• PROBLEM REQUIREMENTS: In the data below, begin at the line with "[diagram: clean part render]" and stop after the line with "#3456 = ORIENTED_EDGE( '', *, *, #4169, .F."; output those lines exactly and no pictures.

START MATERIALS PROVIDED

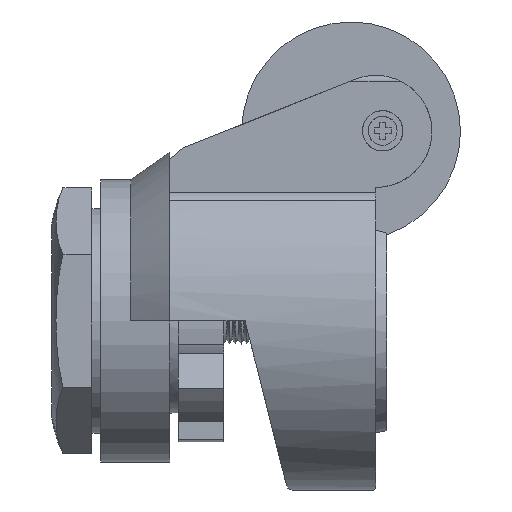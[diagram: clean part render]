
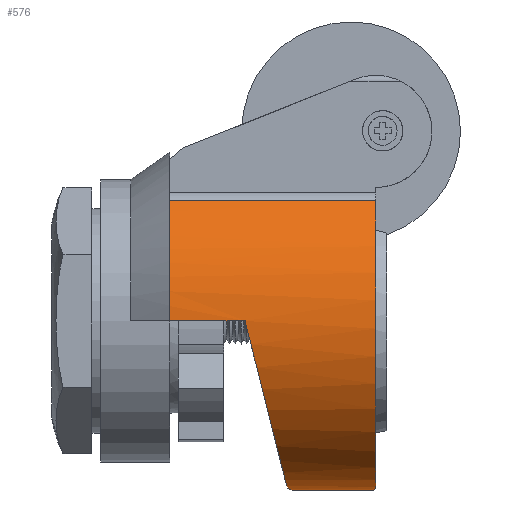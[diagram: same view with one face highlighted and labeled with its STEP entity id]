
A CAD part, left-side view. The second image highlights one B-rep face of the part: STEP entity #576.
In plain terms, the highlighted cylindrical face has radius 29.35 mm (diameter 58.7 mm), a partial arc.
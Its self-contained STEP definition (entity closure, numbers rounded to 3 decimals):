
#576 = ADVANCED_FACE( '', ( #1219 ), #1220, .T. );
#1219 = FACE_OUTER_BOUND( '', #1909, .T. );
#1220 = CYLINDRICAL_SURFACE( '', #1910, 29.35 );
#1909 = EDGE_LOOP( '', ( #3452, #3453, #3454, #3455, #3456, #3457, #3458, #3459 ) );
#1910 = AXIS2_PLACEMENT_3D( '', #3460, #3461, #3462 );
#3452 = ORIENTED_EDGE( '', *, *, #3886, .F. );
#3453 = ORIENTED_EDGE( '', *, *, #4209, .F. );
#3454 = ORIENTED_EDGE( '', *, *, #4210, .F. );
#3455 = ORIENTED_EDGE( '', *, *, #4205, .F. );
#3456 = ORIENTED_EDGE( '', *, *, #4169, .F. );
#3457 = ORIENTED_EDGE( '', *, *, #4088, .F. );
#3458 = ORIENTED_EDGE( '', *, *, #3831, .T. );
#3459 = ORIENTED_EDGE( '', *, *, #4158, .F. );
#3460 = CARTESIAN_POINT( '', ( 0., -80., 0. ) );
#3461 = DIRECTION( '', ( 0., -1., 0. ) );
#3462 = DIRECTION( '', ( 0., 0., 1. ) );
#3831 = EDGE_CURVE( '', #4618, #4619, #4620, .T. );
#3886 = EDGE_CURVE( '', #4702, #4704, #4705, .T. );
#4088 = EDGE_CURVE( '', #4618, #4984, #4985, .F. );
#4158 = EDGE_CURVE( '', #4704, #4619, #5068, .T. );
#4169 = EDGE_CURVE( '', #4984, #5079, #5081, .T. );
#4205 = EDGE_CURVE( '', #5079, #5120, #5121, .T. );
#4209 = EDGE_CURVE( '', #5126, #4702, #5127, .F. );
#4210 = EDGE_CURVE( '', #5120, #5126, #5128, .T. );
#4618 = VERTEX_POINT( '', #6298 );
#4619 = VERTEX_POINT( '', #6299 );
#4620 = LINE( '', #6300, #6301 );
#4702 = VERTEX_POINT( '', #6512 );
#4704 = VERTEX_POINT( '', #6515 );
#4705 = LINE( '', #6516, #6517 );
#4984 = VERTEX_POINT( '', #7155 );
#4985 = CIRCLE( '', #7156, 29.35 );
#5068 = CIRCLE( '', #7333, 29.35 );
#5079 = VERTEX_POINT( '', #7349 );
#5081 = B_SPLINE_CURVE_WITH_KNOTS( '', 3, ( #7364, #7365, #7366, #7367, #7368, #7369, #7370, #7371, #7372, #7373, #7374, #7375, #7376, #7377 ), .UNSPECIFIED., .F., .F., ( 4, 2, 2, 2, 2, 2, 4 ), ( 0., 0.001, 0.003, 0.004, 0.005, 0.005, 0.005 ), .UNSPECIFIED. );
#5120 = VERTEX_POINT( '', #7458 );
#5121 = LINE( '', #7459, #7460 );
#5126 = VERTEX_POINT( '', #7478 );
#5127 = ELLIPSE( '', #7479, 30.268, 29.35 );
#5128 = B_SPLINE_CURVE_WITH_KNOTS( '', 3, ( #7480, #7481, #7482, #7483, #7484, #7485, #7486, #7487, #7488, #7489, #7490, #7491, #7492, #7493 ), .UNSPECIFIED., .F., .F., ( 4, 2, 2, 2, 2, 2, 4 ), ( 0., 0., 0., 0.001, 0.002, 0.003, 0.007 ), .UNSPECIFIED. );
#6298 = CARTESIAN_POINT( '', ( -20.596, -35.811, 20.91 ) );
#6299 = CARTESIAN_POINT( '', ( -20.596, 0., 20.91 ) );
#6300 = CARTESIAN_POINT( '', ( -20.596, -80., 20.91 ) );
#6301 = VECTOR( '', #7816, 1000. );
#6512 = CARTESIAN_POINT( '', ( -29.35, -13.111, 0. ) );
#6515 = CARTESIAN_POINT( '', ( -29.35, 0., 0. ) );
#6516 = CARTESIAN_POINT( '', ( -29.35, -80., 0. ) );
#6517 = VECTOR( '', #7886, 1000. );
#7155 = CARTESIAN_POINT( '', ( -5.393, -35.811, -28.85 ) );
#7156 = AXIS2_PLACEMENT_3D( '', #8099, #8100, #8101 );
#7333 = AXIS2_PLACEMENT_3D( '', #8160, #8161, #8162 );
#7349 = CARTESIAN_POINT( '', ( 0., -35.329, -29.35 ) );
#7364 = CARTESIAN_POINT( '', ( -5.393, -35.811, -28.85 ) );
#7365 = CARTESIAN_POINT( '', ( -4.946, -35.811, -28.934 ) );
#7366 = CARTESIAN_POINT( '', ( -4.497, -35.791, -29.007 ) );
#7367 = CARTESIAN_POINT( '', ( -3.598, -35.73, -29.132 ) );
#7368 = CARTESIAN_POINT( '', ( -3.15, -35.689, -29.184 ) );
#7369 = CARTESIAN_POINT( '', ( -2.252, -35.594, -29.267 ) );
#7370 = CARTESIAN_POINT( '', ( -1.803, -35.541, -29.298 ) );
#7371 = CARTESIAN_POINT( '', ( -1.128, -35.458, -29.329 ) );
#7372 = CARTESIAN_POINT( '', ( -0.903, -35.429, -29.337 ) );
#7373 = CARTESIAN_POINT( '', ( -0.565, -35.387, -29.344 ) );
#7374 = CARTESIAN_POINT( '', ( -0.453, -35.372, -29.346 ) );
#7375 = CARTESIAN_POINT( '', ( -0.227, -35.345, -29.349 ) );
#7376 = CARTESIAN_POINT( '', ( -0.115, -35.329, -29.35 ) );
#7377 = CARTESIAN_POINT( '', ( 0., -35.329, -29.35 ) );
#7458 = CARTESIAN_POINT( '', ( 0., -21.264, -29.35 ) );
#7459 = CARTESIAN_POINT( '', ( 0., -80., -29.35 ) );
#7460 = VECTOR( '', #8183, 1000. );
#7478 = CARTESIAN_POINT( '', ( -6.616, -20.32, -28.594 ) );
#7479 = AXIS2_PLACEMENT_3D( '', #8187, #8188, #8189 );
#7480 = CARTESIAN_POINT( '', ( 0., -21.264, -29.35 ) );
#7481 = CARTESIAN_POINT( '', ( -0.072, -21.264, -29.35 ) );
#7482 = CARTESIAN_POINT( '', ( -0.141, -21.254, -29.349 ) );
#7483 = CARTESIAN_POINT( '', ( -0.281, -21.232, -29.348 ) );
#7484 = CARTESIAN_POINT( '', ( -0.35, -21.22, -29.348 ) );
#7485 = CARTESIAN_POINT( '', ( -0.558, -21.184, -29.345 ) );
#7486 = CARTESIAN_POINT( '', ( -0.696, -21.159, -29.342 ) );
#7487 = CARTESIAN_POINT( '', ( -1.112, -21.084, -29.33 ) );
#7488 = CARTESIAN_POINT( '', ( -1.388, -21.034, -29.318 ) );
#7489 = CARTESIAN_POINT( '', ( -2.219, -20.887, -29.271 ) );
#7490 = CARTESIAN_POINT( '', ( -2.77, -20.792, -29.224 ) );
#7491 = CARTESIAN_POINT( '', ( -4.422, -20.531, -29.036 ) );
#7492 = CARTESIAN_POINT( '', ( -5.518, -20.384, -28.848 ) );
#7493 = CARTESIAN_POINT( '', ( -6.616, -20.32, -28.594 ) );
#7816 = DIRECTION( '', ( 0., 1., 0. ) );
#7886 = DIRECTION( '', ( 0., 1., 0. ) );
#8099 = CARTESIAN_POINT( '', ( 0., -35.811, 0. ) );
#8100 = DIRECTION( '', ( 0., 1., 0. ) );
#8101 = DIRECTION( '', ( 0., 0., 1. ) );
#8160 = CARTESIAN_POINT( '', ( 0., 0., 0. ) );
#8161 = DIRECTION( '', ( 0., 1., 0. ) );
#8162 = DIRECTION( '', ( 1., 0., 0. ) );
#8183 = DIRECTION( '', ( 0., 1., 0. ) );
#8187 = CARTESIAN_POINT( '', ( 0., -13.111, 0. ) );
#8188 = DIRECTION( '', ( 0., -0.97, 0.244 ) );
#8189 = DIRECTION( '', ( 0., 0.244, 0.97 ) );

END MATERIALS PROVIDED
START MATERIALS PROVIDED

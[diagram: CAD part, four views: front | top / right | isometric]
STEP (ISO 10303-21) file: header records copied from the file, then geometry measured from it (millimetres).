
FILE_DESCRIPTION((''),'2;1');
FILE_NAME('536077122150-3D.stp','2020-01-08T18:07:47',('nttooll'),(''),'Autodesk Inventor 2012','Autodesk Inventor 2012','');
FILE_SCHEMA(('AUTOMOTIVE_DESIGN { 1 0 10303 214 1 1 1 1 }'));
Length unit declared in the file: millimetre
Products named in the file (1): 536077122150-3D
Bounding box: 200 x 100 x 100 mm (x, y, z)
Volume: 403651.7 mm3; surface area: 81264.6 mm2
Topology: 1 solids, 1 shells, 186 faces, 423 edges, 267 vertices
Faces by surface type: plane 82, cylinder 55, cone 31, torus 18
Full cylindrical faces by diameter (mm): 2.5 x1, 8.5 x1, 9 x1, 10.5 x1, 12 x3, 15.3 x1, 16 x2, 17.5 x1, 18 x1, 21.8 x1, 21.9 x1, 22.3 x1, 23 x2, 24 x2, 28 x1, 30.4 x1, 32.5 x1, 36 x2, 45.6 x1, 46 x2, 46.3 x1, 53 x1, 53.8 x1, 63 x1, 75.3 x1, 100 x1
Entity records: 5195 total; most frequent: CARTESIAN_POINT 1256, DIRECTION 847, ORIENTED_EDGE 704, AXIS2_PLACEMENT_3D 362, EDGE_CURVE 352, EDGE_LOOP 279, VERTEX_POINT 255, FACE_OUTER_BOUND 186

END MATERIALS PROVIDED

• ANSWER TO THE EXERCISE:
[diagram: clean part render]
[diagram: same view with one face highlighted and labeled with its STEP entity id]
A CAD part, left-side view. The second image highlights one B-rep face of the part: STEP entity #576.
In plain terms, the highlighted cylindrical face has radius 29.35 mm (diameter 58.7 mm), a partial arc.
Its self-contained STEP definition (entity closure, numbers rounded to 3 decimals):
#576 = ADVANCED_FACE( '', ( #1219 ), #1220, .T. );
#1219 = FACE_OUTER_BOUND( '', #1909, .T. );
#1220 = CYLINDRICAL_SURFACE( '', #1910, 29.35 );
#1909 = EDGE_LOOP( '', ( #3452, #3453, #3454, #3455, #3456, #3457, #3458, #3459 ) );
#1910 = AXIS2_PLACEMENT_3D( '', #3460, #3461, #3462 );
#3452 = ORIENTED_EDGE( '', *, *, #3886, .F. );
#3453 = ORIENTED_EDGE( '', *, *, #4209, .F. );
#3454 = ORIENTED_EDGE( '', *, *, #4210, .F. );
#3455 = ORIENTED_EDGE( '', *, *, #4205, .F. );
#3456 = ORIENTED_EDGE( '', *, *, #4169, .F. );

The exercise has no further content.